As far as I know from the Java side, the connection is thread safe (and rather expensive to create) but Session and messageProducer are not thread safe. Therefore it seems you should create a Session for each of your threads.

Designing an architecture for exchanging data between two systems

I've been tasked with creating an intermediate layer which needs to exchange data (over HTTP) between two independent systems (e.g. Receiver <=> Intermediate Layer (IL) <=> Sender). Receiver and Sender both expose a set of API's via Web Services. Everytime a transaction occurs in the Sender system, the IL should know about it (I'm thinking of creating a Windows Service which constantly pings the Sender), massage the data, then deliver it to the Receiver.
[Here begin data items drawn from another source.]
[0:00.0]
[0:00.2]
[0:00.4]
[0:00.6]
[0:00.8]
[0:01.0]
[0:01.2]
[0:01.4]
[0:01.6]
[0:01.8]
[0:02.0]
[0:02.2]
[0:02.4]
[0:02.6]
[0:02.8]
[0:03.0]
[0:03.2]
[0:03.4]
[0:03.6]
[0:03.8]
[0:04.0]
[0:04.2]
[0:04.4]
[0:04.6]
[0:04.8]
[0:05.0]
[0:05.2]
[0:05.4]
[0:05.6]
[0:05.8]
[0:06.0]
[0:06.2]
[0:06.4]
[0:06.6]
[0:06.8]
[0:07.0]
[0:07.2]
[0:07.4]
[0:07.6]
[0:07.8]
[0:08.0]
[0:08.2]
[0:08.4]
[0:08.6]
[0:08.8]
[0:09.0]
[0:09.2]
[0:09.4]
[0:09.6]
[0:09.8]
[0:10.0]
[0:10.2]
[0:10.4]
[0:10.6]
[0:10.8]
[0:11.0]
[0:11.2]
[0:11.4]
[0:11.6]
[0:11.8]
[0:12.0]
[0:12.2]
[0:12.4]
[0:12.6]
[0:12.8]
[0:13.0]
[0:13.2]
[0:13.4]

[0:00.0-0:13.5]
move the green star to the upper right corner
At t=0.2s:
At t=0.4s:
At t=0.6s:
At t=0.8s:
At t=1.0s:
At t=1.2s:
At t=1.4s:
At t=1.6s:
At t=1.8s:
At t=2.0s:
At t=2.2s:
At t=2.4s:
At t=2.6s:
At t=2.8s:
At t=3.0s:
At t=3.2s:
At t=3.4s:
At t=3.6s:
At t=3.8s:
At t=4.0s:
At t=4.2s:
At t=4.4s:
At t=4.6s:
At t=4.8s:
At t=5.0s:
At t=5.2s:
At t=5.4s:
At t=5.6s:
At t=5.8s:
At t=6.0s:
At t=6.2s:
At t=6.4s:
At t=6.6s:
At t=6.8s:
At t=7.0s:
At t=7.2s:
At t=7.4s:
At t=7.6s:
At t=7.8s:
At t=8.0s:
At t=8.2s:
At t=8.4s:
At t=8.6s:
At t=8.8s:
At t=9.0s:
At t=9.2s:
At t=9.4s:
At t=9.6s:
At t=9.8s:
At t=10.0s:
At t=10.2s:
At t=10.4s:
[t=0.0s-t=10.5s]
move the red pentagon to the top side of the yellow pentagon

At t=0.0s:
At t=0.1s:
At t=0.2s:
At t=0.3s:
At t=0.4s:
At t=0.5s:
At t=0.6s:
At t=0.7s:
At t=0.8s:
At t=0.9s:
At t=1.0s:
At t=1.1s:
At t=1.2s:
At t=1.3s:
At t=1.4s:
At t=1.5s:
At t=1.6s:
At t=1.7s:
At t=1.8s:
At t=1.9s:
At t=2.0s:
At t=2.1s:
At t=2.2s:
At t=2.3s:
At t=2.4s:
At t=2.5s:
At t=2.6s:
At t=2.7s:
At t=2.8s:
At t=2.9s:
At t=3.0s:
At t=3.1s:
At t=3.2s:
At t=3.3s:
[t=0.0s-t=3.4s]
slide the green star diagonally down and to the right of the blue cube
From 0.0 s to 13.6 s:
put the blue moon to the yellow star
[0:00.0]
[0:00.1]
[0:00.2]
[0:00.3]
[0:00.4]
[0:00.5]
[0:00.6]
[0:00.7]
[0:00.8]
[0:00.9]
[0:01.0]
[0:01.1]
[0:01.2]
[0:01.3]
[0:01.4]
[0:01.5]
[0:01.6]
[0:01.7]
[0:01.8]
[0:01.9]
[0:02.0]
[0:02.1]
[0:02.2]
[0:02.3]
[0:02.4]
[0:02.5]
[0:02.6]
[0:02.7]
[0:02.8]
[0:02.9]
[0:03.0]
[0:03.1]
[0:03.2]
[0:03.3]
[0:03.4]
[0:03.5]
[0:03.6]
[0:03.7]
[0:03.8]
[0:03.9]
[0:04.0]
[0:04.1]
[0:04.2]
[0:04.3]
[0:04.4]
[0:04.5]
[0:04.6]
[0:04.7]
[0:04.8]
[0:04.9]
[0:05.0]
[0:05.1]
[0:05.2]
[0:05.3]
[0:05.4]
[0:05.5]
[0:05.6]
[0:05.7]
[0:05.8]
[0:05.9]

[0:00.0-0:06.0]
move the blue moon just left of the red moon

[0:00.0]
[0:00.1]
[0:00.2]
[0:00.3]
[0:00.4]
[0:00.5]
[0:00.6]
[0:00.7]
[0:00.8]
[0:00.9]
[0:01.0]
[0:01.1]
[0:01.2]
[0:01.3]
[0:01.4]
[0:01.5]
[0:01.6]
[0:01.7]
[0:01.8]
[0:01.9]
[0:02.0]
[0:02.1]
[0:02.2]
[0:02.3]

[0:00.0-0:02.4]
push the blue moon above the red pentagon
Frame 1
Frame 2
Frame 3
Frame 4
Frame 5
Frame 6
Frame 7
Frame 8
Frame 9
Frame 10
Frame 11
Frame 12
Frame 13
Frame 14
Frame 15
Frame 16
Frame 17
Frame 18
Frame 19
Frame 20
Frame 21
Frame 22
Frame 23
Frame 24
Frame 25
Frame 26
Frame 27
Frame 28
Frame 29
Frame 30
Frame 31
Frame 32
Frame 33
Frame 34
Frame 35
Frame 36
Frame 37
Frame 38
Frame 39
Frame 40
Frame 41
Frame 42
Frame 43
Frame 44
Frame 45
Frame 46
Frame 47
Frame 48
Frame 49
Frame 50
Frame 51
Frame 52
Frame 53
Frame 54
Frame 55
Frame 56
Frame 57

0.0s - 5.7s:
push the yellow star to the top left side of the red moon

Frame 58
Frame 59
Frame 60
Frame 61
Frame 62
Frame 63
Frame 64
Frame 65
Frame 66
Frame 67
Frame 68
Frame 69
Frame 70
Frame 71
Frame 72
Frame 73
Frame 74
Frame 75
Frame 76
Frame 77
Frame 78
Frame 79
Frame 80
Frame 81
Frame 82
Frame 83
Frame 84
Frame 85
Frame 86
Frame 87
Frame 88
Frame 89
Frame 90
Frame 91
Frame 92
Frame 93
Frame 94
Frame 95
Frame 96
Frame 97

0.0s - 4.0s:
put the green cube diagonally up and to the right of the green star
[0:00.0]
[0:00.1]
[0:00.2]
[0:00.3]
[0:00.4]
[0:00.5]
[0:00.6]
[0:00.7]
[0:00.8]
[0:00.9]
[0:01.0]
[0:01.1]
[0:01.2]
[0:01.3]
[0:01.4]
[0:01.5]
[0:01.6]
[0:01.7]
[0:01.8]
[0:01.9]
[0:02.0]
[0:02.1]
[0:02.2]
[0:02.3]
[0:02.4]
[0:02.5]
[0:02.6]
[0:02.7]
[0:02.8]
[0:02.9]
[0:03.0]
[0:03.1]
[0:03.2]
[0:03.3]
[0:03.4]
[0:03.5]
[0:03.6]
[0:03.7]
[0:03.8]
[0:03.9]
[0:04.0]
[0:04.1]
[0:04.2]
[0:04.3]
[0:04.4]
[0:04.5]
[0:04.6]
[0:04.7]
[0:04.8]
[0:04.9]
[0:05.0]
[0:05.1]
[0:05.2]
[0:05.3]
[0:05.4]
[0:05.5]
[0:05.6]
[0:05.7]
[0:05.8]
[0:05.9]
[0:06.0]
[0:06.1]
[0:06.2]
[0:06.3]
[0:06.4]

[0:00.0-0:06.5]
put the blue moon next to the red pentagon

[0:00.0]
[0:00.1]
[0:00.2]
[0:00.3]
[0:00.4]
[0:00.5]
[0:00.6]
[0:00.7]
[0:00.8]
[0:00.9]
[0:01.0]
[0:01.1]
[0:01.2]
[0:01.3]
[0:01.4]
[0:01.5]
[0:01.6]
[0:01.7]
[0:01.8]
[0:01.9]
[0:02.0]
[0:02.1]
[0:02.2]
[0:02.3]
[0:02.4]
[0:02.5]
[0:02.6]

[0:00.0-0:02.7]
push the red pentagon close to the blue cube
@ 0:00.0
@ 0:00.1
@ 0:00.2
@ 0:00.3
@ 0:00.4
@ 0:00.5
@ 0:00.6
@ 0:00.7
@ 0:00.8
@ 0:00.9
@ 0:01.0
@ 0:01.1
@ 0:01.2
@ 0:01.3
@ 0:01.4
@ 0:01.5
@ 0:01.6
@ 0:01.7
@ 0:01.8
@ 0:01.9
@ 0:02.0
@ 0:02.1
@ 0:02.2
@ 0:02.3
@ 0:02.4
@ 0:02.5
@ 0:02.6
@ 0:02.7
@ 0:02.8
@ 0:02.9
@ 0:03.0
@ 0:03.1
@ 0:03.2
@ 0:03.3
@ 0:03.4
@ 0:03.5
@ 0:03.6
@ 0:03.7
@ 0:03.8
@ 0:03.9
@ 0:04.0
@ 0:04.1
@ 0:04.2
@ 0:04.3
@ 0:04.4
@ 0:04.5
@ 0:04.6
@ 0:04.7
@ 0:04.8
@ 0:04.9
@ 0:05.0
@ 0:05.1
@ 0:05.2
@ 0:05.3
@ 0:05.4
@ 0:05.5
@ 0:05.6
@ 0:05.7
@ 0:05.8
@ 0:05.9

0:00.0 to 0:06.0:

The IL can temporarily store the data in a SQL database until it is transferred to the Receiver. I have the following questions -
Can WCF (haven't used it a lot) be used to talk to the Sender and Receiver (both expose web services)?
How do I ensure guaranteed delivery?
How do I ensure security of the messages over the Internet?
What are best practices for handling concurrency issues?
What are best practices for error handling?
How do I ensure reliability of the data (data is not tampered along the way)
How do I ensure the receipt of the data back to the Sender?
What are the constraints that I need to be aware of?
I need to implement this on MS platform using a custom .NET solution. I was told not to use any middleware like BizTalk. The receiver is an SDFC instance, if that matters.
Any pointers are greatly appreciated. Thank you.
A Windows Service that orchestras the exchange sounds fine.
Yes WCF can deal with traditional Web Services.
How do I ensure guaranteed delivery?
To ensure delivery you can use TransactionScope to handle the passing of data between the
Receiver <=> Intermediate Layer and Intermediate Layer <=> Sender but I wouldn't try and do them together.
You might want to consider some sort of queuing mechanism to send the data to the receiver; I guess I'm thinking more of a logical queue rather than an actual queuing component. A workflow framework could also be an option.
make sure you have good logging / auditing in place; make sure it's rock solid, has the right information and is easy to read. Assuming you write a service it will execute without supervision so the operational / support aspects are more demanding.
Think about scenarios:
How do you manage failed deliveries?
What happens if the reciever (or sender) is unavailbale for periods of time (and how long is that?); for example: do you need to "escalate" to an operator via email?
How do I ensure security of the messages over the Internet?
HTTPS. Assuming other existing clients make calls to the Web Services how do they ensure security? (I'm thinking encryption).
What are best practices for handling concurrency issues?
Hmm probably a separate question. You should be able to find information on that easily enough. How much data are we taking? what sort of frequency? How many instances of the Windows Service were you thinking of having - if one is enough why would concurrency be an issue?
What are best practices for error handling?
Same as for concurrency, but I can offer some pointers:
Use an established logging framework, I quite like MS EntLibs but there are others (re-using whatever's currently used is probably going to make more sense - if there is anything).
Remember that execution is unattended so ensure information is complete, clear and unambiguous. I'd be tempted to log more and dial it down once a level of comfort is reached.
use a top level handler to ensure nothing get's lost; but don;t be afraid to log deep in the application where you can still get useful context (like the metadata of the data being sent / recieved).
How do I ensure the receipt of the data back to the Sender?
Include it (sending the receipt) as a step that is part of the transaction.
On a different angle - have a look on CodePlex for ESB type libraries, you might find something useful: http://www.codeplex.com/site/search?query=ESB&ac=8
For example ESBasic which seems to be a class library which you could reuse.